• [Aim of the exercise]:
Images do not belong in the copy. Retype all the entries below exactly.

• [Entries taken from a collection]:
BEGIN

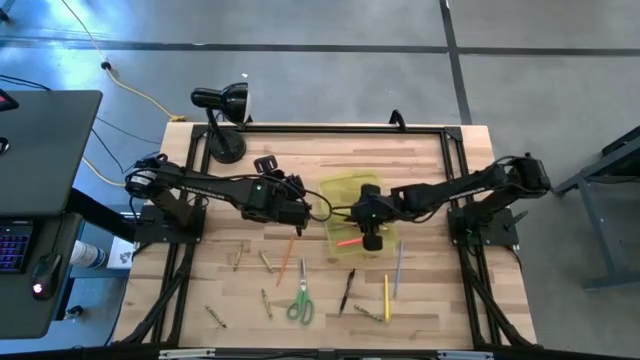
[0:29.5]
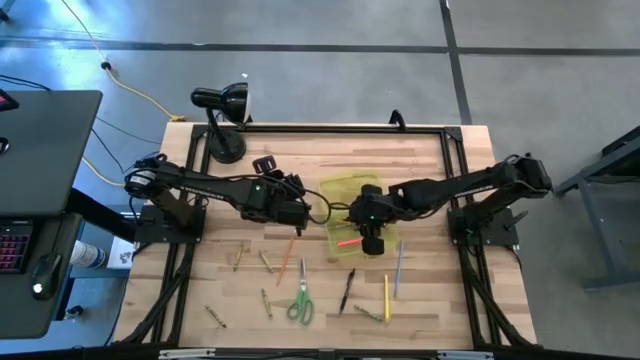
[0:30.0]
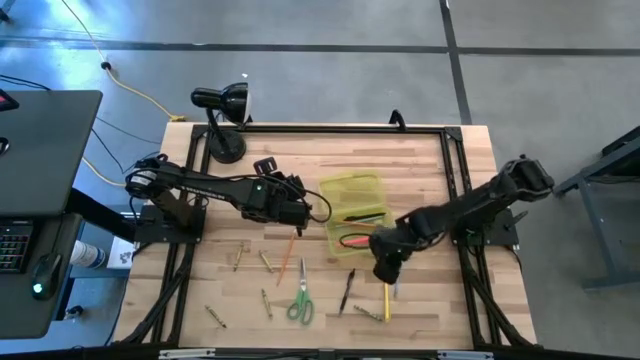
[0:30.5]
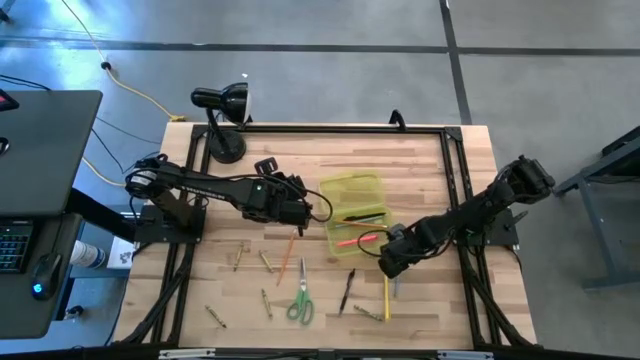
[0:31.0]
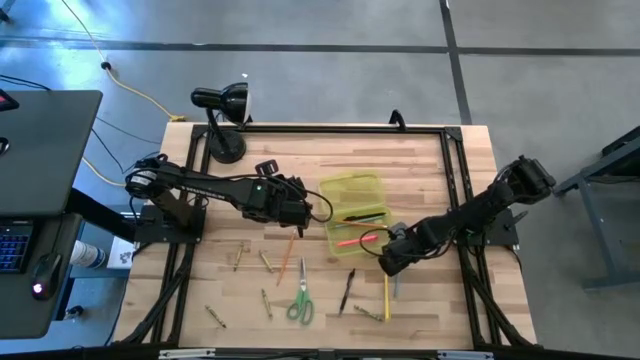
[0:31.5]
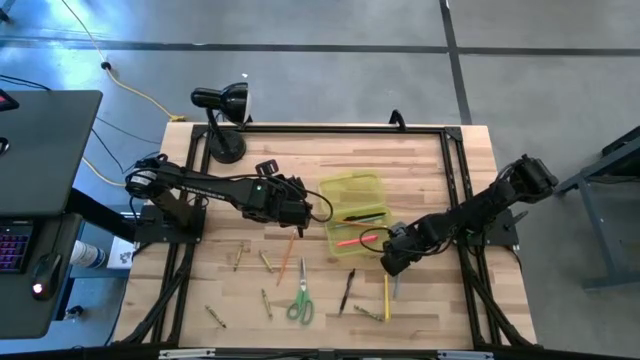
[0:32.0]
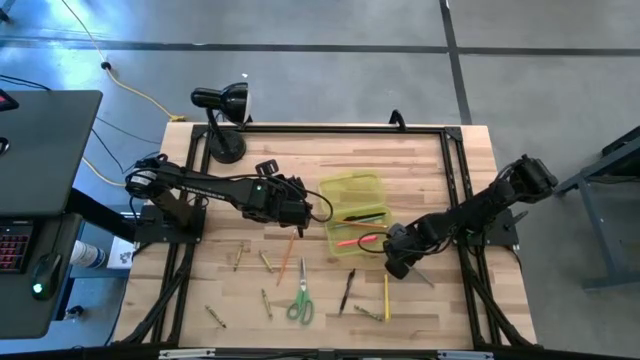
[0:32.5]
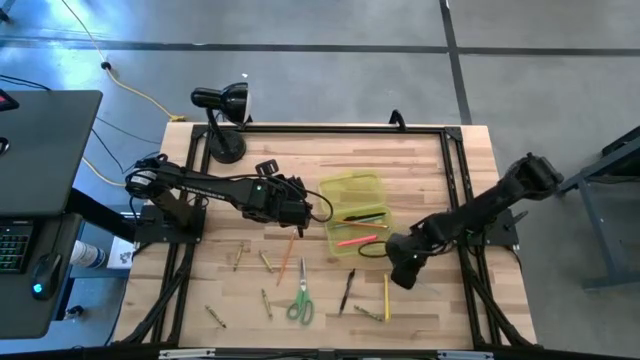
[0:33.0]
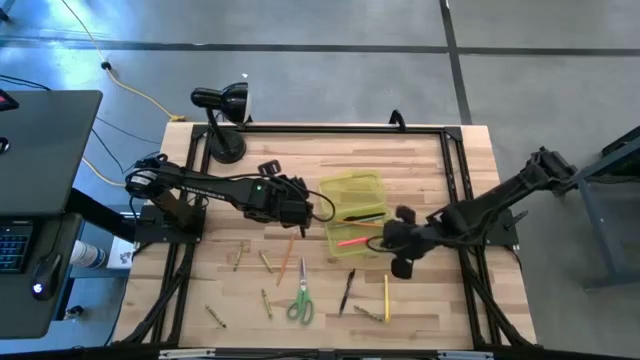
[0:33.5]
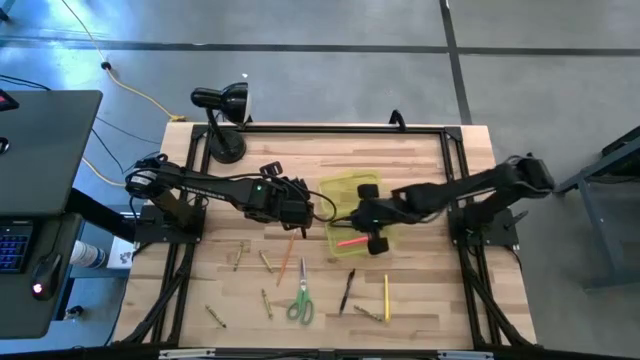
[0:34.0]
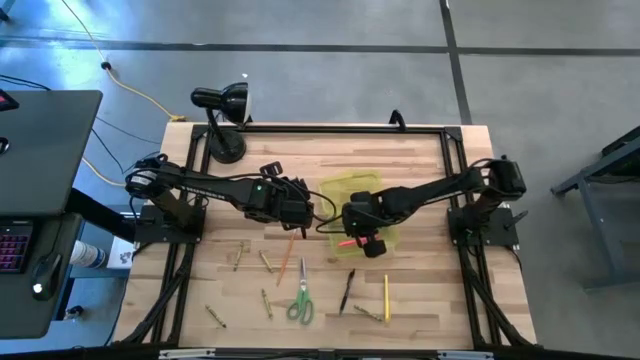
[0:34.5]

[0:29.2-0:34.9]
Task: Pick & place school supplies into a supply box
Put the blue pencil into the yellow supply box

END

• [Task output]:
[0:29.5]
[0:30.0]
[0:30.5]
[0:31.0]
[0:31.5]
[0:32.0]
[0:32.5]
[0:33.0]
[0:33.5]
[0:34.0]
[0:34.5]

[0:29.2-0:34.9]
Task: Pick & place school supplies into a supply box
Put the blue pencil into the yellow supply box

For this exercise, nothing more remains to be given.